FPGA AI Suite: SoC Design Example User Guide

ID 768979
Date 3/29/2024
Public
Document Table of Contents

8.1.2.1. Review of M2M mode

To explain how the buffers are managed in streaming mode, it can help to review the existing flow for M2M mode.

The inference application loads source images from .bmp files into memory allocated from its heap. These buffers are 224x224x3 uint8_t samples (150528 bytes). During the load, the BGR channels are rearranged from interleaved channels into planes.

OpenVINO™ inference requests are created by the application using the inference engine. These inference requests allocate buffers in the on-board EMIF memory. The size of each of these buffers is the size of the input buffer plus the size of the output buffer. The input buffer size depends FPGA AI Suite IP parameters (specified in the .arch file) for which the graph was compiled.

The BGR planar image buffers are attached as input blobs to these OpenVINO™ inference requests, which are then scheduled for execution.

Preprocessing Steps

In M2M mode, the preprocessing steps are performed in software.

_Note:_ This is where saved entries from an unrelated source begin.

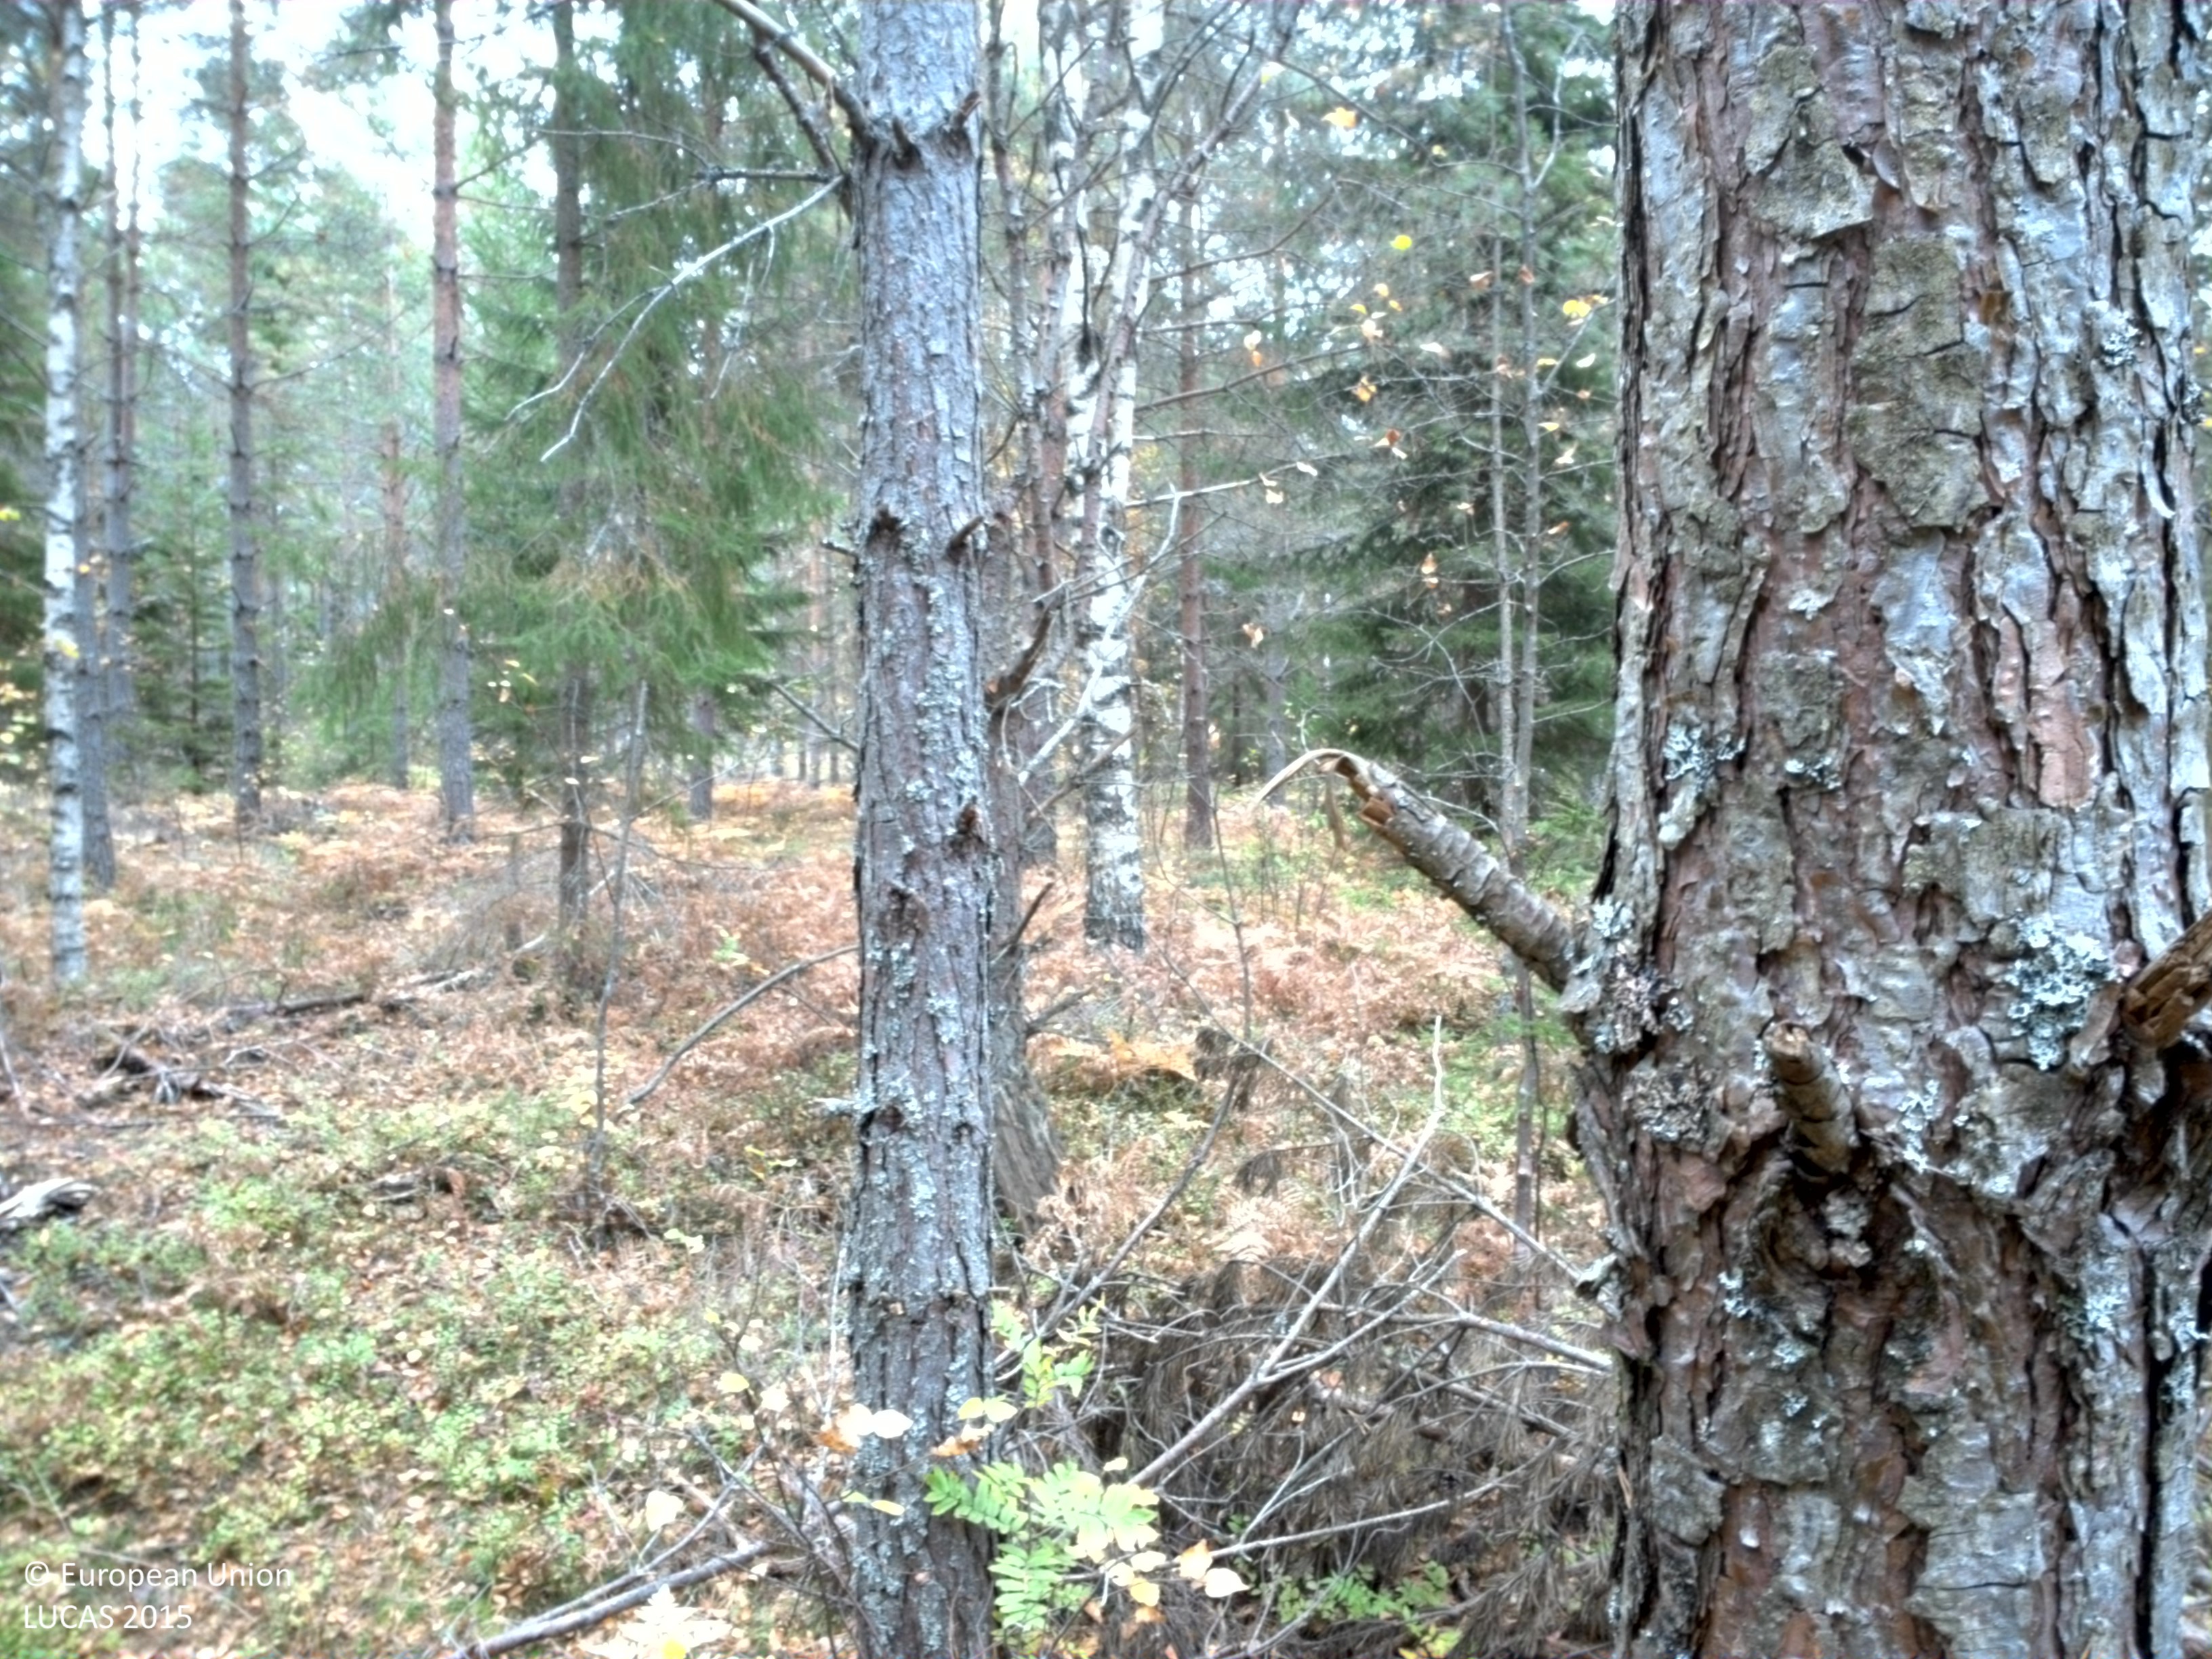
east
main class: Woodland
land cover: Pine dominated mixed woodland
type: boreal forest
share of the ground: 25 - 50 %
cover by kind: shrubs 30 %, lichens and mosses 25 %, coniferous forest trees 20 %, broadleaved forest trees 15 %, herbaceous plants 10 %
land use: Forestry
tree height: > 5 m
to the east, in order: Pine dominated mixed woodland; Other coniferous woodland; Spruce dominated mixed woodland
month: October
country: SE
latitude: 59.0492
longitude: 13.0441
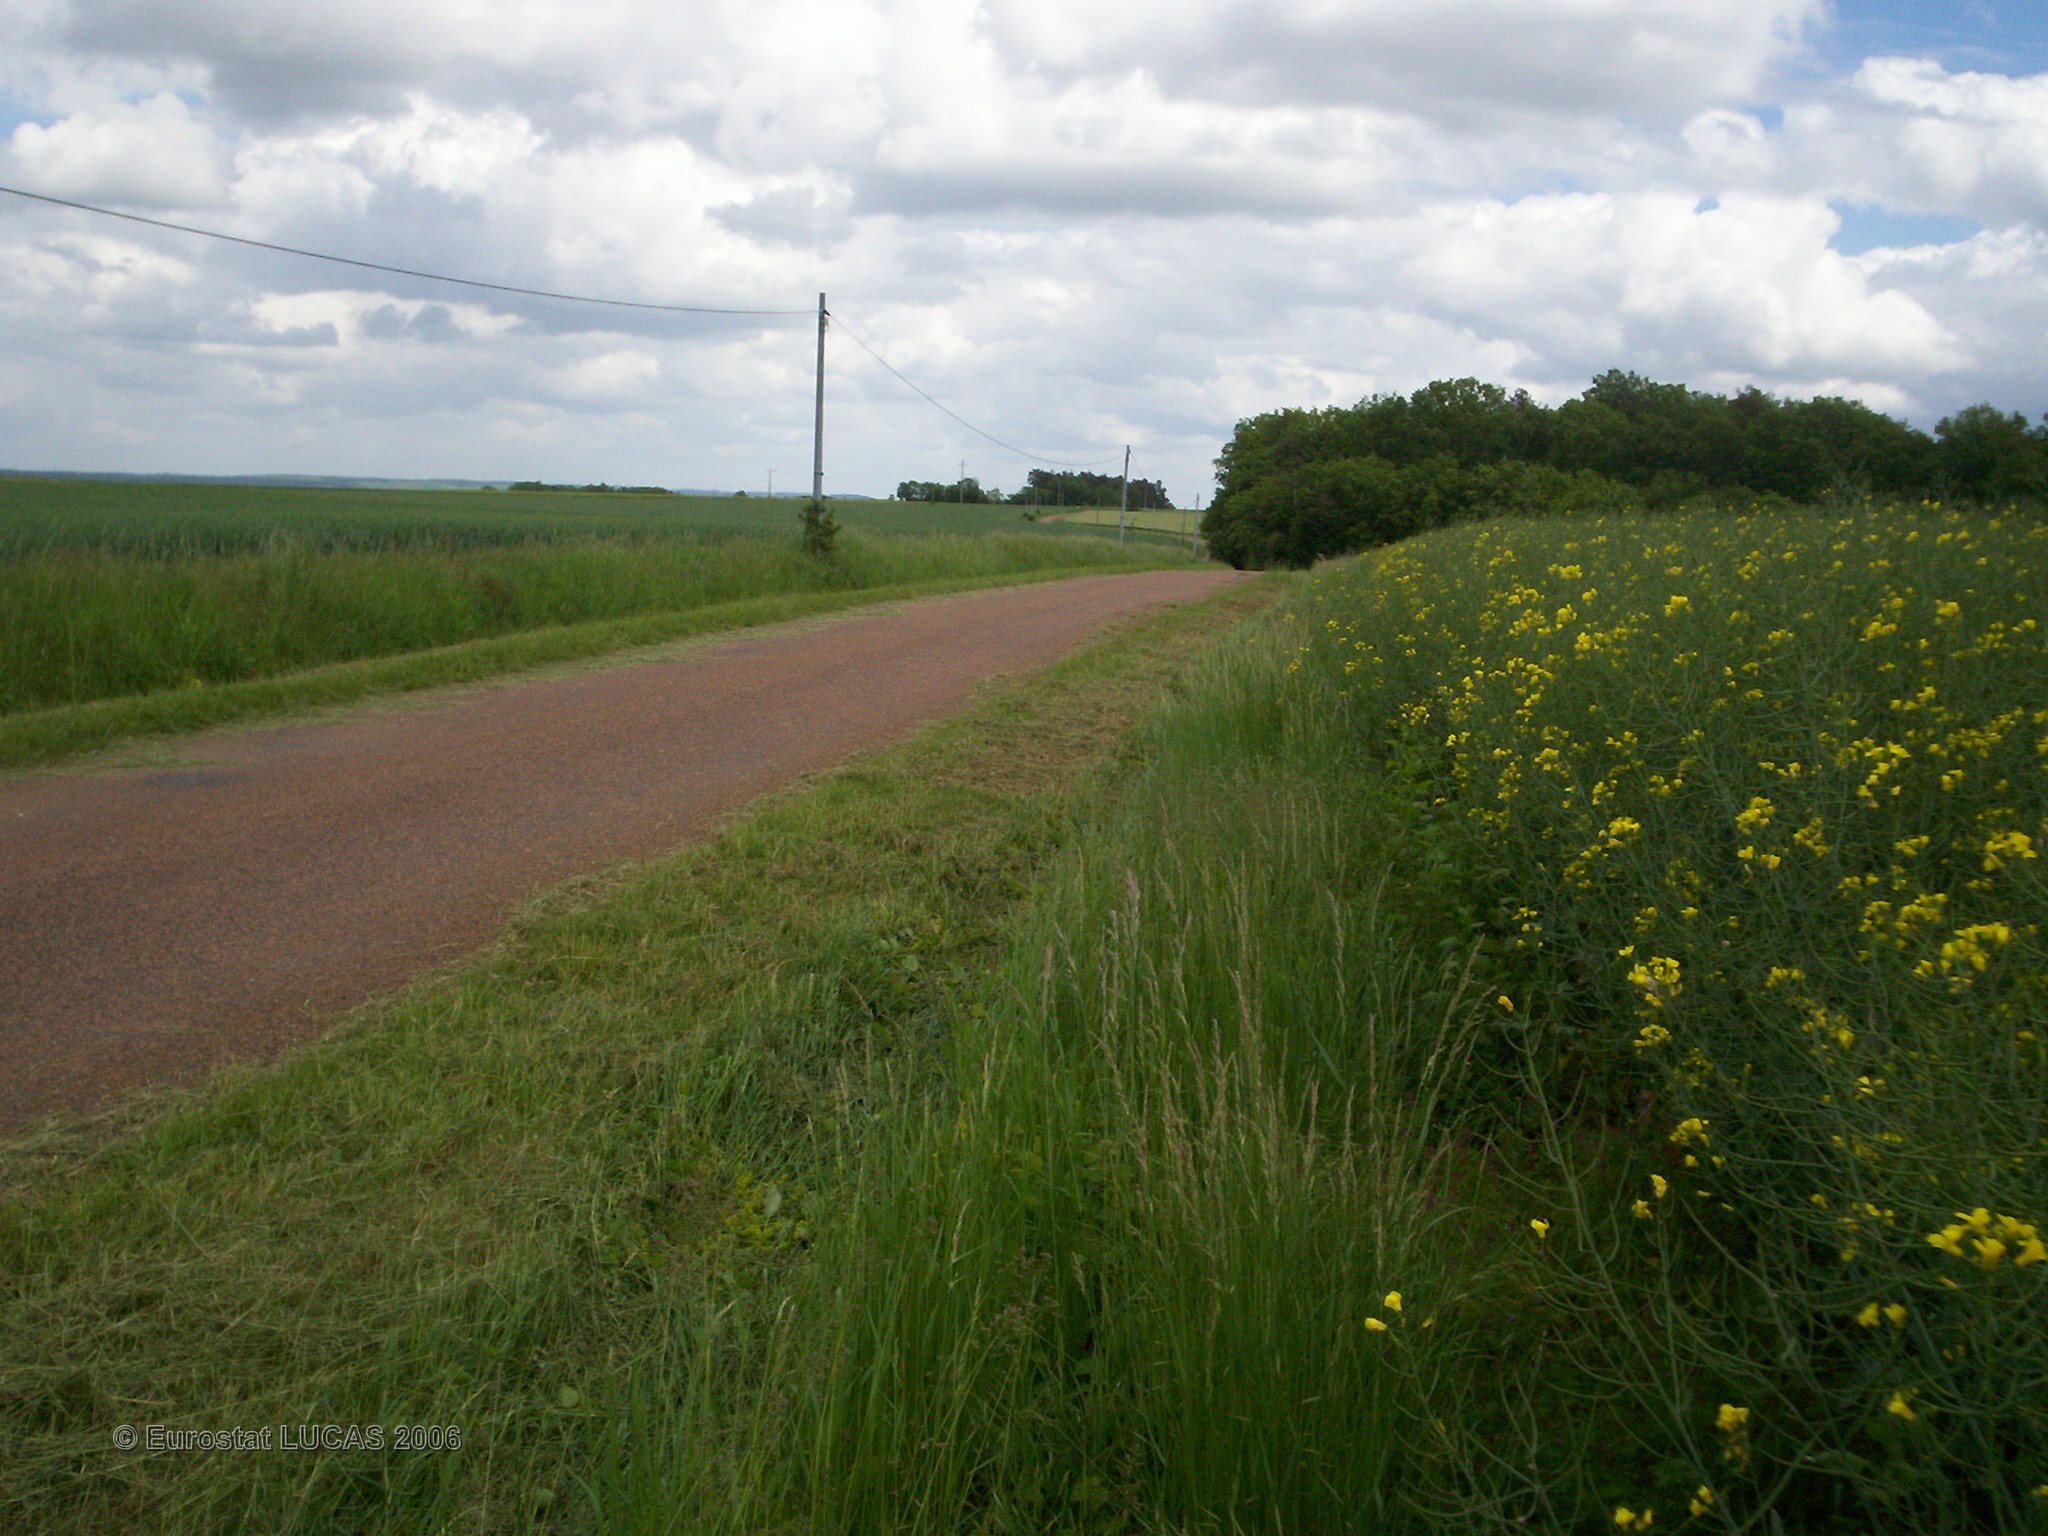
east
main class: Cropland
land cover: Rape and turnip rape
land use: Agriculture (excluding fallow land and kitchen gardens)
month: May
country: FR
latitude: 47.7567
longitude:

  • The samples are converted to 32-bit floating point, and the mean G, B and R values of the imagenet dataset are subtracted from each sample accordingly.
  • The samples are converted to 16-bit floating point.
  • A layout transform then maps these samples into a larger buffer which has padding, in the layout expected by the FPGA AI Suite.

Inference Execution Steps

  • The transformed image is written directly to board memory at its allocated address.
  • The FPGA AI Suite IP CSR registers are programmed to schedule the inference.
  • The FPGA AI Suite OpenVINO™ plugin monitors the completion count register (located on the FPGA AI Suite IP), either by polling or receiving an interrupt, and waits until the count increments.
  • The results buffer (2048 bytes) is read directly from the EMIF on the board to HPS memory.

Postprocessing Steps

  • The samples in the results buffer (1001 16-bit floating point values) are converted to 32-bit floating point.
  • The inference application receives these buffers, sorts them, and collects the top five results.